Spectacles vivants d'ici et d'ailleurs

22 septembre : une occupation de la ville et des rues sans voitures. Jongleurs, théâtre de rue, musiciens, conteurs, des Improvis'acteurs (duo d'improvisation comique) à André Minvielle et ses chants manifestes, de la compagnie Kumulus au remarquable spectacle « tabula », de Jacques Bonnaffé et Eric le Lann (lectures et jazz) à Thierry Collet (acteur/magicien) : par les thèmes qu'ils abordent, ou par leur tonalité, ils apportent ce contre-point manifestif dont on ne saurait se passer.

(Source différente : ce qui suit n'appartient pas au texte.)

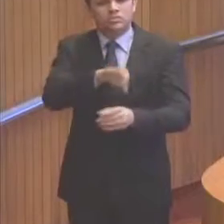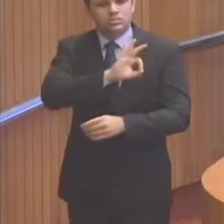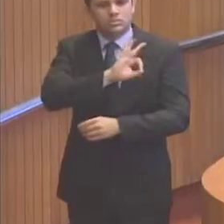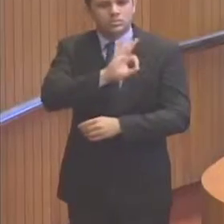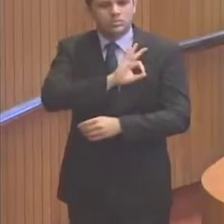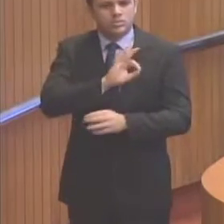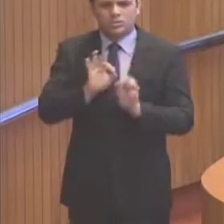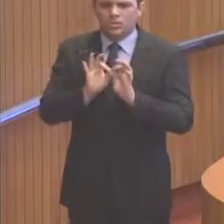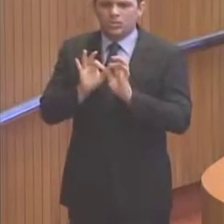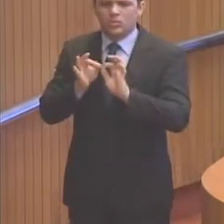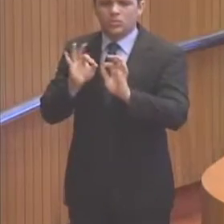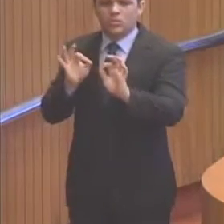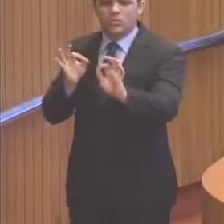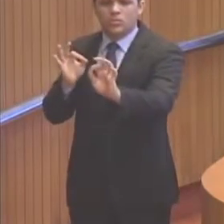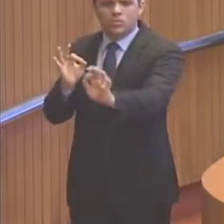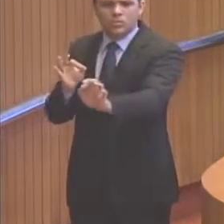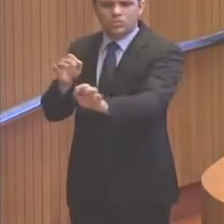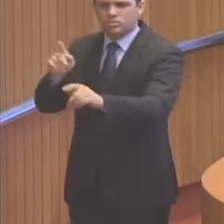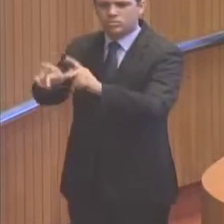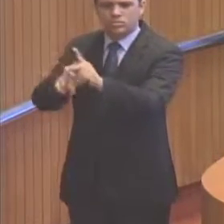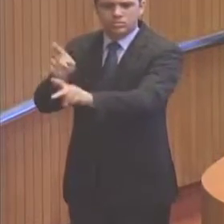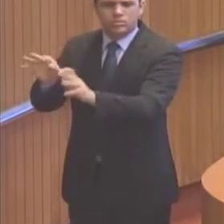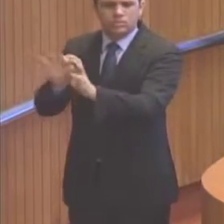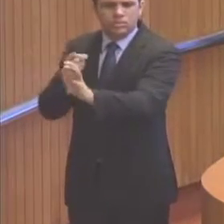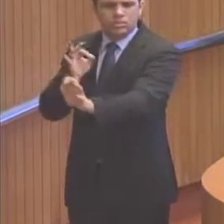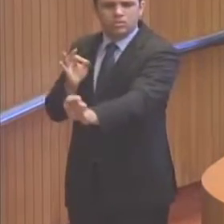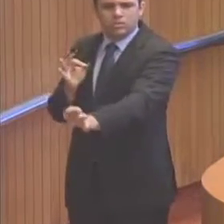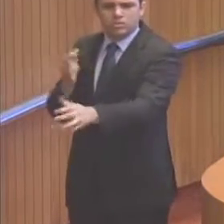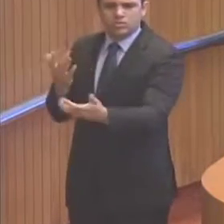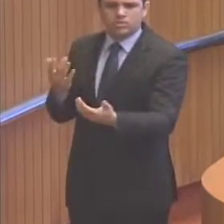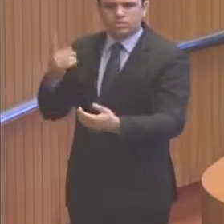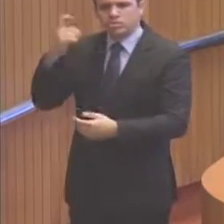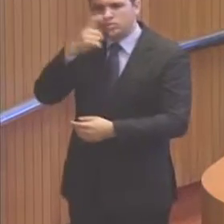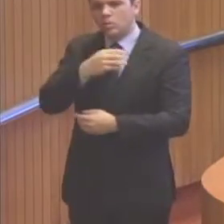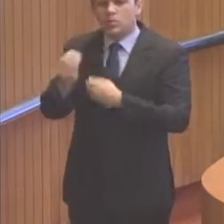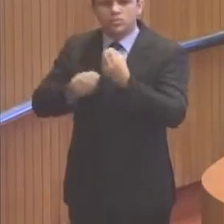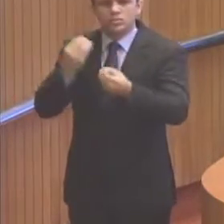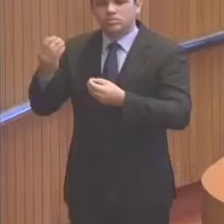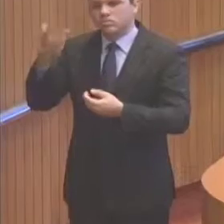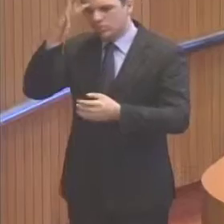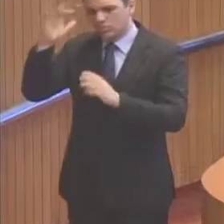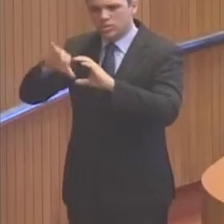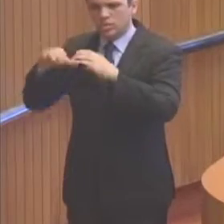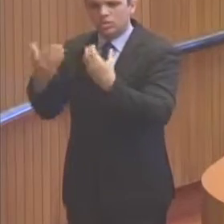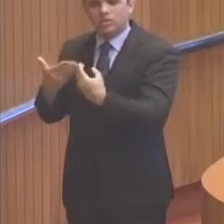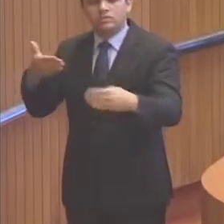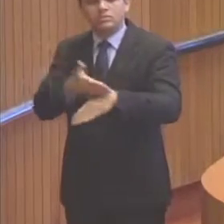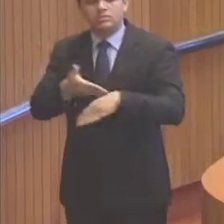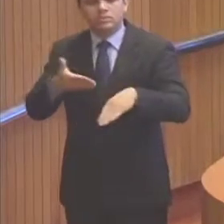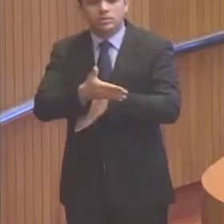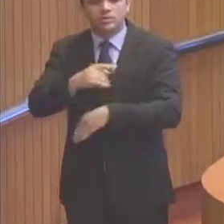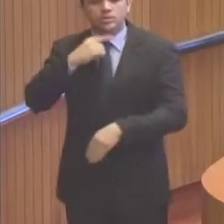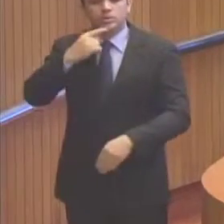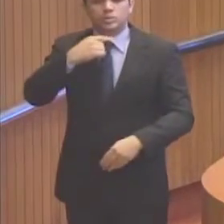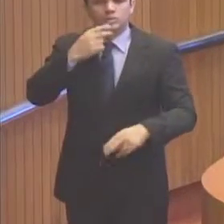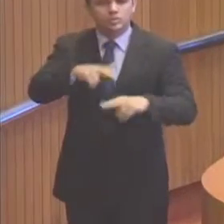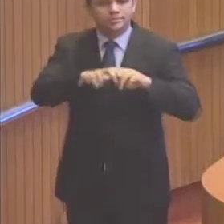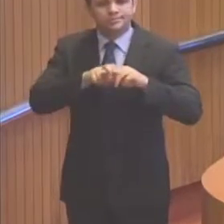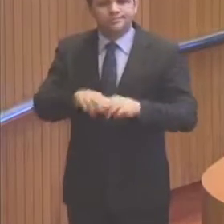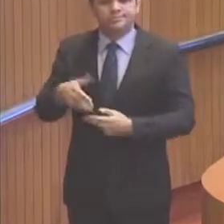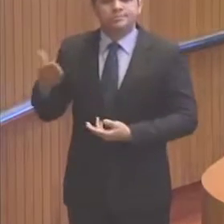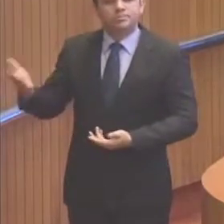distante da população, dificultando o acesso da comunidade, a comunidade mais interessada, que são as

- les Urbanologues associés : le premier est spécialiste de la hauteur, escaladeur du ciel, Antoine le Menestrel évolue au dessus de la foule accroché aux parois urbaines sans jamais toucher le sol. Le second, spécialiste du langage sonore et visuel, Jean-Marie Maddeddu, artiste éclectique, évolue en bas, dans et avec la foule, repousse, distord et finit par abolir les frontières entre théâtre, danse, musique et arts plastiques. Dans cette déambulation peu ordinaire faite de petites étapes extra-ordinaires, les deux urbanologues, V.R.P. surréalistes, repèrent, mesurent, affichent, étudient, photographient, nettoient, poétisent, répètent, soulignent et révèlent la mémoire des murs et la vie des trottoirs.

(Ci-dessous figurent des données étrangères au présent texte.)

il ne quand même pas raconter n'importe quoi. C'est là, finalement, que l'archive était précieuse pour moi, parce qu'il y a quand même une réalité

- la compagnie « 26000 couverts »  : leur spectacle « direct » aborde le thème de la télévision et tente d'éclairer les étroites fissures entre la vérité d'une parole et le mensonge médiatique, entre l'intérieur et l'extérieur du cadre, entre l'endroit et l'envers de l'image. Les spectateurs sont associés au tournage d'un programme télévisé pirate diffusé en direct. Par leurs statuts utopistes, les « 26000 couverts » revendiquent un théâtre qui n'irait pas de soi, perturbateur et essentiel. Un théâtre qui détournerait le quotidien autant que le sacré, interrogeant sans cesse le rapport aux lieux et aux publics  ; un théâtre in situ vers une autre esthétique du réel.

Voir également les projets/festivals en cours à Montreuil  :
- les propositions du 16ème ciel,
- celles d'Isabelle Austry ou encore
- les 20 portes/calendrier en préparation entre la Croix de Chavaux et la Mairie de Montreuil...
- sans oublier Peter Watkins et son film sur La Commune tourné à Montreuil.



Un forum ouvert sur d'autres villes

Autre objectif d'un nouveau type, faire lien entre différents rendez-vous actuellement en préparation, ceci dans le champ culturel pris dans un sens assez large : nulle question, bien sûr, de chercher à produire une somme exhaustive de tout ce qui se passe dans le pays... Mais, trop souvent témoins d'une multiplicité d'initiatives entre lesquelles assez peu de passerelles semblent exister, nous nous proposons de prendre contact avec les organisateurs de diverses manifestations dans la perspective d'échanges, rencontres, rétrospective ou annonces... Film d'Histoire à Pessac, Etats généraux du film documentaire à Lussas, Cinéma du réel à Beaubourg, festival de Douarnenez sur les minorités, festival international du film d'environnement, ou encore festival transartistique d'Uzeste, Music'actions de Vandoeuvre...



diffuser autrement

Que voit-on, enfin, de commun entre ces invitations à débats-actions-meeting-projections de films-concerts-spectacles vivants... ?
Une préoccupation qu'on peut résumer avec ces deux mots, diffuser autrement.
Diffuser autrement ?
Diffuser autrement qu'en suivant les règles imposées par cette société d'hypermarchés, dont on nous a beaucoup trop dit, déjà, qu'elles étaient incontournables. Les oeuvres, les connaissances, les informations, et pourquoi pas, les produits de consommation courantes... Parce qu'il nous semble bien que quantité d'autres modes d'échanges de connaissances, de biens et de services, sont à expérimenter, pour renouer avec des pratiques de développement local, le mot développement pouvant être pris dans son sens tant spirituel que matériel.